I became so frustrated by my patient’s lack of progress that my mind returned to the classes I took at the university. I remembered the professors who gave us difficult case studies so that we could problem-solve and help patients who were not responding to the traditional treatments. It was on one fine morning when The Faj came strolling into the clinic that it hit me. The nerves that lead into the hand originate in the neck! If I treated his neck instead of focusing on the tricep muscle, perhaps The Faj could get some relief from the tingling in his fingers.
He lay face-up on a treatment table and I worked on the vertebrae within his neck. We had the best conversations during those sessions. The Faj told me about the birth of his two sons, about how his mother had literally died of a broken heart when one of her children was killed in a drive-by shooting in Newark and how much he enjoyed collecting garbage and cleaning the streets of the city. In time, the tingling in his fingers subsided.
The Faj was amazed at his recovery. “How in the world did this happen? How exactly does you pulling on my neck stop the tingling in my fingers?”
“I was so overly focused on the mirror injury in your arm, that I neglected to see if you had an underlying neck problem. I was chasing after a red herring,” I replied.

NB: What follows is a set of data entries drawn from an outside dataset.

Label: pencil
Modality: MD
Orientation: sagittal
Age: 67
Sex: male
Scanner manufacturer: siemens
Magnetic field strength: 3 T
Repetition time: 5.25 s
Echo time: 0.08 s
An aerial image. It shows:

The Faj had never heard the expression of a red herring. I told him that a red herring was a false trail, something misleading or distracting. He absolutely loved this turn of phrase and for his final sessions of physical therapy, he entered the clinic, rubbing his palms together with vigor and announced, “We are going fishing today, my lady!”
In thinking back on this story, the university training given long ago allowed me to help The Faj. But is also provided a very valuable lesson, as stated by that one professor who stunned a room full of enthusiastic new students. I would like to remind you that your average sanitation worker will help thousands more lives than any of you ever could.

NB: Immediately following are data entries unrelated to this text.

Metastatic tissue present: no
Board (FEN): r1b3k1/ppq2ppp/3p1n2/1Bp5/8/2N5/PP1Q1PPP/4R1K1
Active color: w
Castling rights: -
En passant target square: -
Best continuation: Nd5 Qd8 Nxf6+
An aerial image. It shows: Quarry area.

Now, in the present state of the world as we humans are forced to confront the coronavirus, those professor’s words ring truer than ever before. Sanitation workers are not only up against the multiple musculoskeletal ailments which will befall them at some point in their careers. These days, sanitation workers are the people who are as close to the cells of COVID-19 as anyone can get. They work to remove garbage from our homes, jobs and streets. They work to protect us from the spread of this dreaded virus, all while placing themselves directly in harm’s way.
I am not sure if The Faj is now retired from his job, receiving his well-deserved pension. But I still imagine him in his uniform, proudly ridding the city of trash, leaving the streets clean and safe. I pray for his protection and the protection of all who perform this essential job during the outbreak of COVID-19. They are helping more individual people than MOST of us ever could. Let’s hear it for the sanitation workers! Let’s hear it for THE FAJ!